You may add a section entitled ``Endorsements'', provided it contains nothing but endorsements of your Modified Version by various parties -- for example, statements of peer review or that the text has been approved by an organization as the authoritative definition of a standard.
You may add a passage of up to five words as a Front-Cover Text, and a passage of up to 25 words as a Back-Cover Text, to the end of the list of Cover Texts in the Modified Version. Only one passage of Front-Cover Text and one of Back-Cover Text may be added by (or through arrangements made by) any one entity. If the Document already includes a cover text for the same cover, previously added by you or by arrangement made by the same entity you are acting on behalf of, you may not add another; but you may replace the old one, on explicit permission from the previous publisher that added the old one.
The author(s) and publisher(s) of the Document do not by this License give permission to use their names for publicity for or to assert or imply endorsement of any Modified Version.

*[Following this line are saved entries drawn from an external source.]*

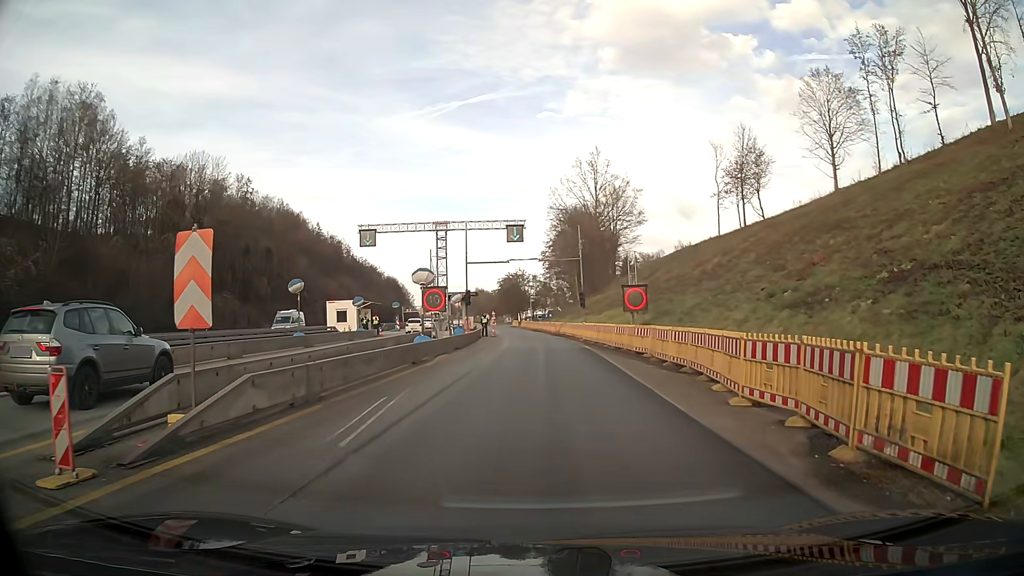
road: motorway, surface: asphalt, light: Day
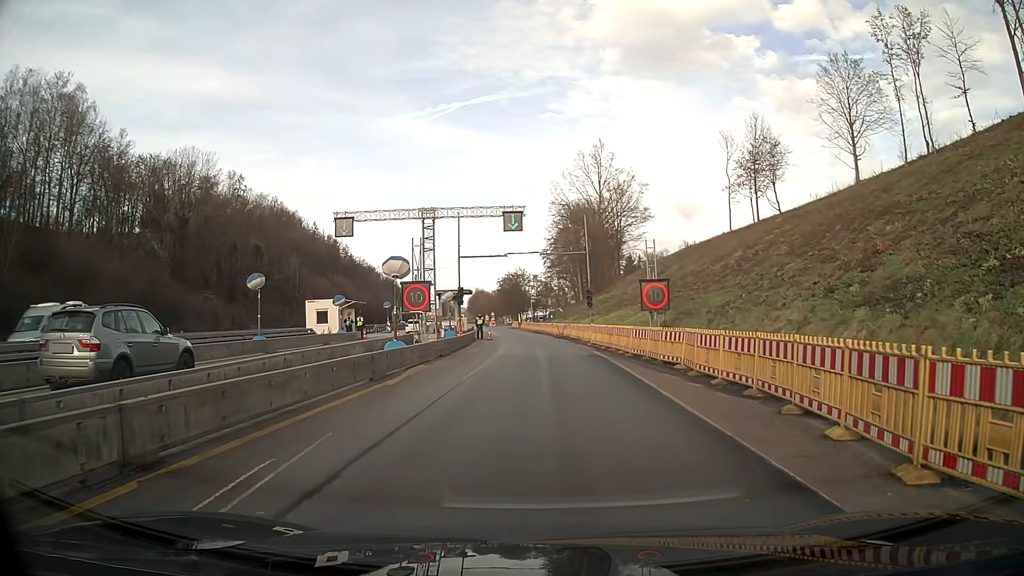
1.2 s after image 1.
(0.0, +5.3) m; 0°
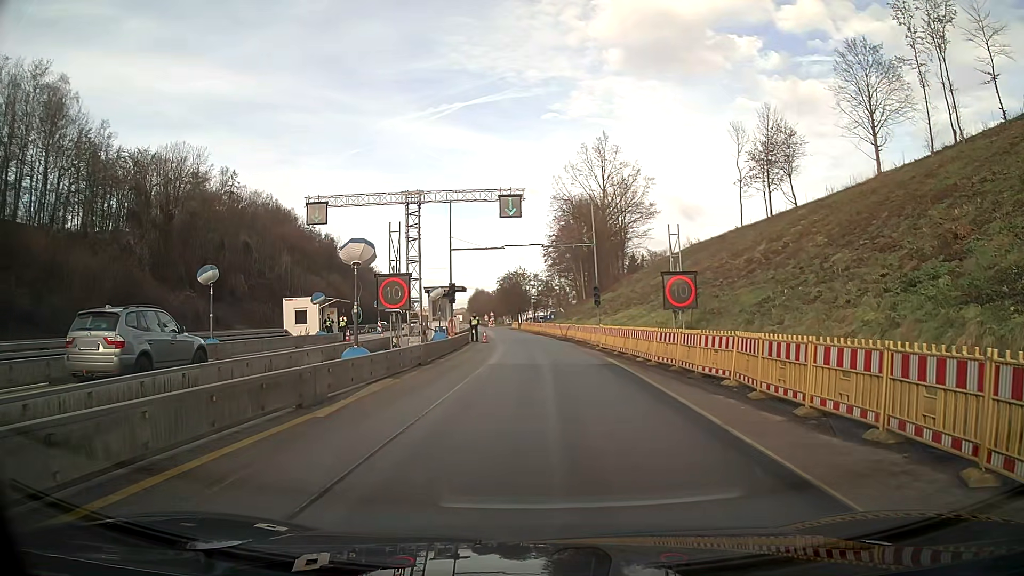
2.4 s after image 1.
(0.0, +4.7) m; 0°
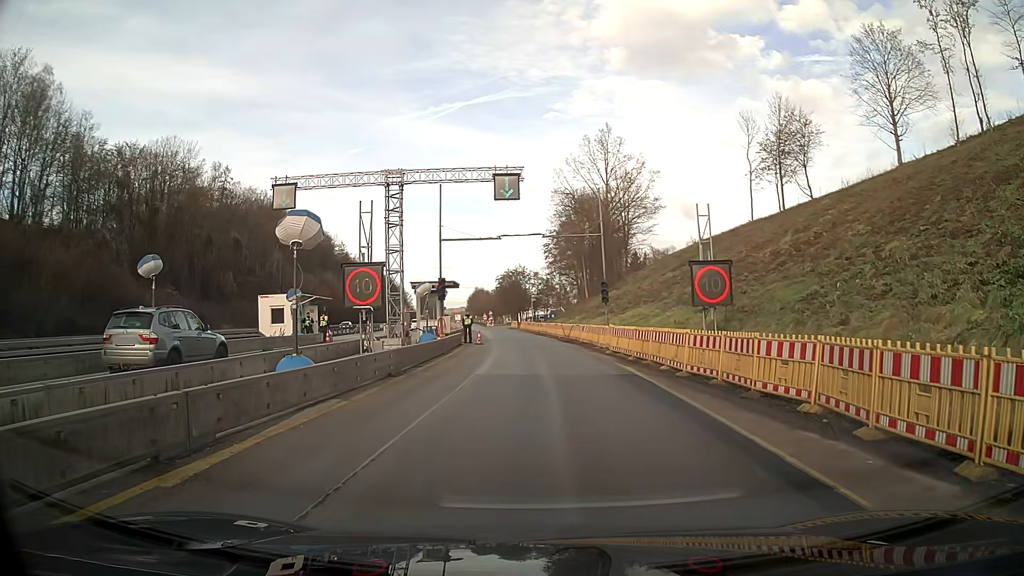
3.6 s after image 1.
(0.0, +4.2) m; 0°
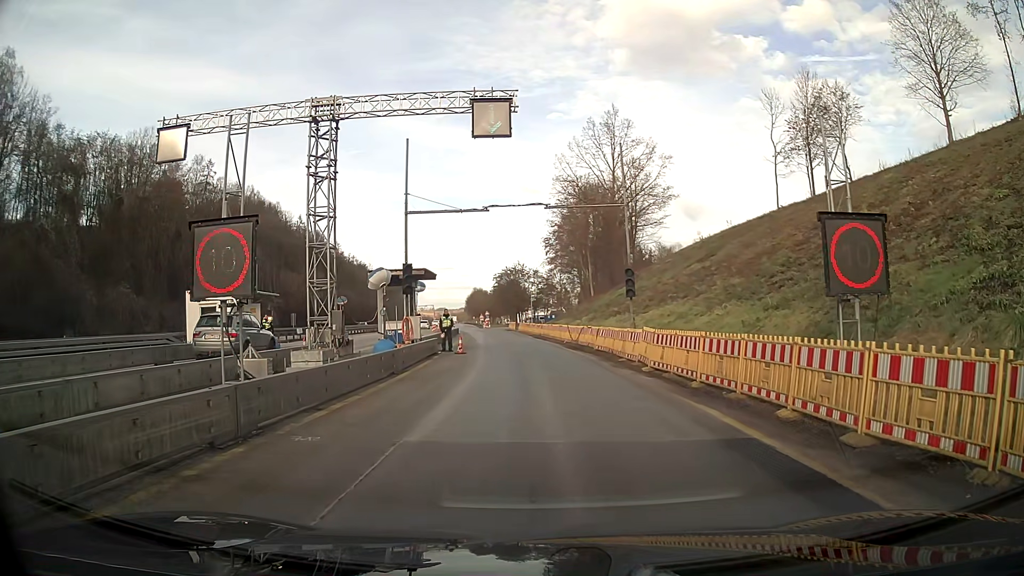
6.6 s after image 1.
(0.0, +9.1) m; 0°
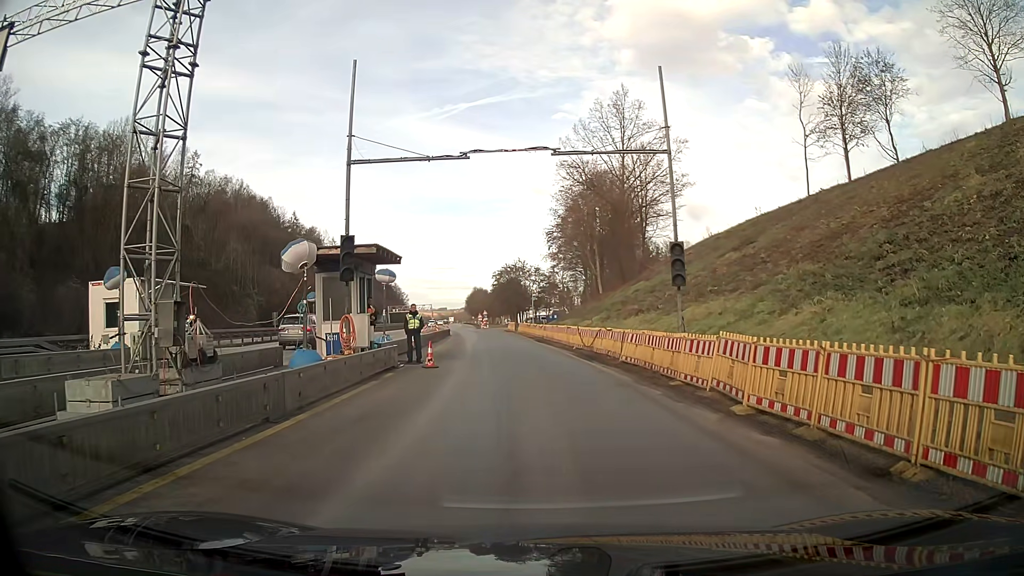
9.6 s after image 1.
(0.0, +8.2) m; 0°
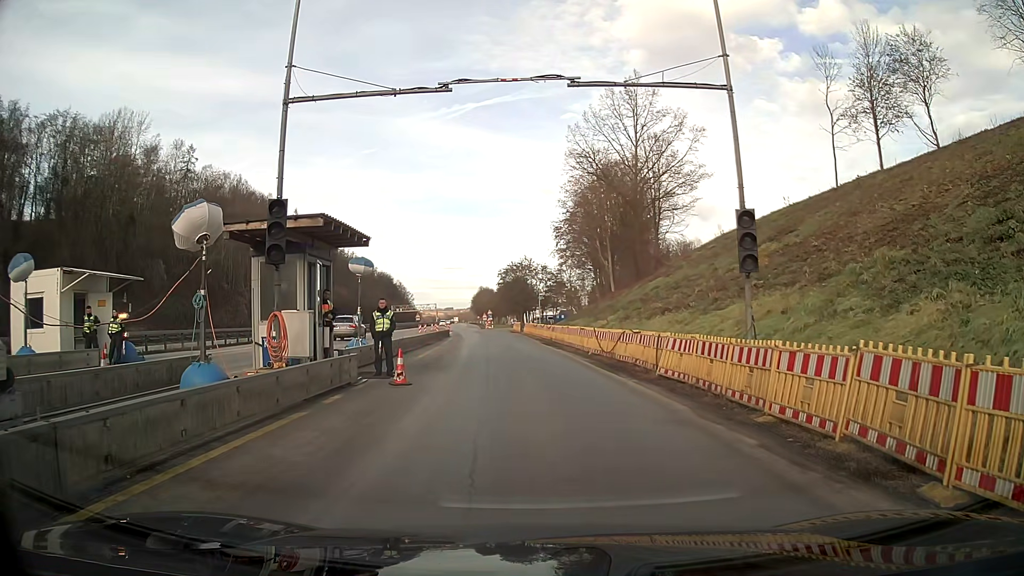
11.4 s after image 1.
(0.0, +5.2) m; 0°
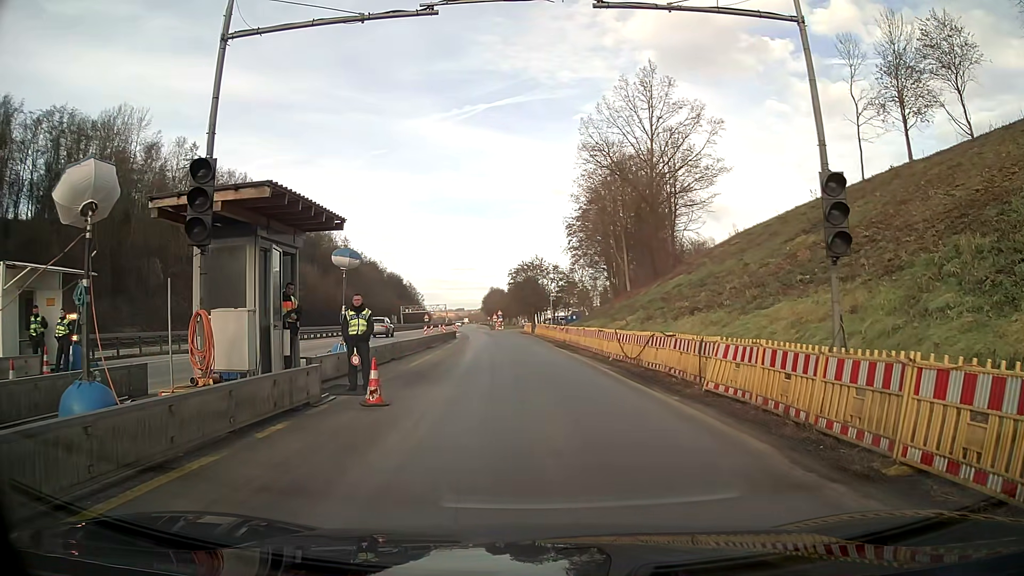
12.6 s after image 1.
(0.0, +3.3) m; -1°

The combined work need only contain one copy of this License, and multiple identical Invariant Sections may be replaced with a single copy. If there are multiple Invariant Sections with the same name but different contents, make the title of each such section unique by adding at the end of it, in parentheses, the name of the original author or publisher of that section if known, or else a unique number. Make the same adjustment to the section titles in the list of Invariant Sections in the license notice of the combined work.

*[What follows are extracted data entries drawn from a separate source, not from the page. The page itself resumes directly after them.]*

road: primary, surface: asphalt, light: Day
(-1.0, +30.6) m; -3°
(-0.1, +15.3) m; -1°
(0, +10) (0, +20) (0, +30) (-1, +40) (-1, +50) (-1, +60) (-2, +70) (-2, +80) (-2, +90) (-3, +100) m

In the combination, you must combine any sections entitled ``History'' in the various original documents, forming one section entitled ``History''; likewise combine any sections entitled ``Acknowledgements'', and any sections entitled ``Dedications''. You must delete all sections entitled ``Endorsements.''
You may extract a single document from such a collection, and distribute it individually under this License, provided you insert a copy of this License into the extracted document, and follow this License in all other respects regarding verbatim copying of that document.
If the Cover Text requirement of section 3 is applicable to these copies of the Document, then if the Document is less than one quarter of the entire aggregate, the Document's Cover Texts may be placed on covers that surround only the Document within the aggregate. Otherwise they must appear on covers around the whole aggregate.

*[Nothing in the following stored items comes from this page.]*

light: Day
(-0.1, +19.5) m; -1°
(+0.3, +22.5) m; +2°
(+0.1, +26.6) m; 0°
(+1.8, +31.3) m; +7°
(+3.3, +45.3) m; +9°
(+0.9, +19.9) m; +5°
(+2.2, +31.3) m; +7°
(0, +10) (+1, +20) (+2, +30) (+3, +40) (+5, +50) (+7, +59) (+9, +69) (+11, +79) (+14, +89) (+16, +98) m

Each version of the License is given a distinguishing version number. If the Document specifies that a particular numbered version of this License "or any later version" applies to it, you have the option of following the terms and conditions either of that specified version or of any later version that has been published (not as a draft) by the Free Software Foundation. If the Document does not specify a version number of this License, you may choose any version ever published (not as a draft) by the Free Software Foundation.
Copyright (C) YEAR YOUR NAME. Permission is granted to copy, distribute and/or modify this document under the terms of the GNU Free Documentation License, Version 1.1 or any later version published by the Free Software Foundation; with the Invariant Sections being LIST THEIR TITLES, with the Front-Cover Texts being LIST, and with the Back-Cover Texts being LIST. A copy of the license is included in the section entitled ``GNU Free Documentation License''. |
If you have no Invariant Sections, write ``with no Invariant Sections'' instead of saying which ones are invariant. If you have no Front-Cover Texts, write ``no Front-Cover Texts'' instead of ``Front-Cover Texts being LIST''; likewise for Back-Cover Texts.
If your document contains nontrivial examples of program code, we recommend releasing these examples in parallel under your choice of free software license, such as the GNU General Public License, to permit their use in free software.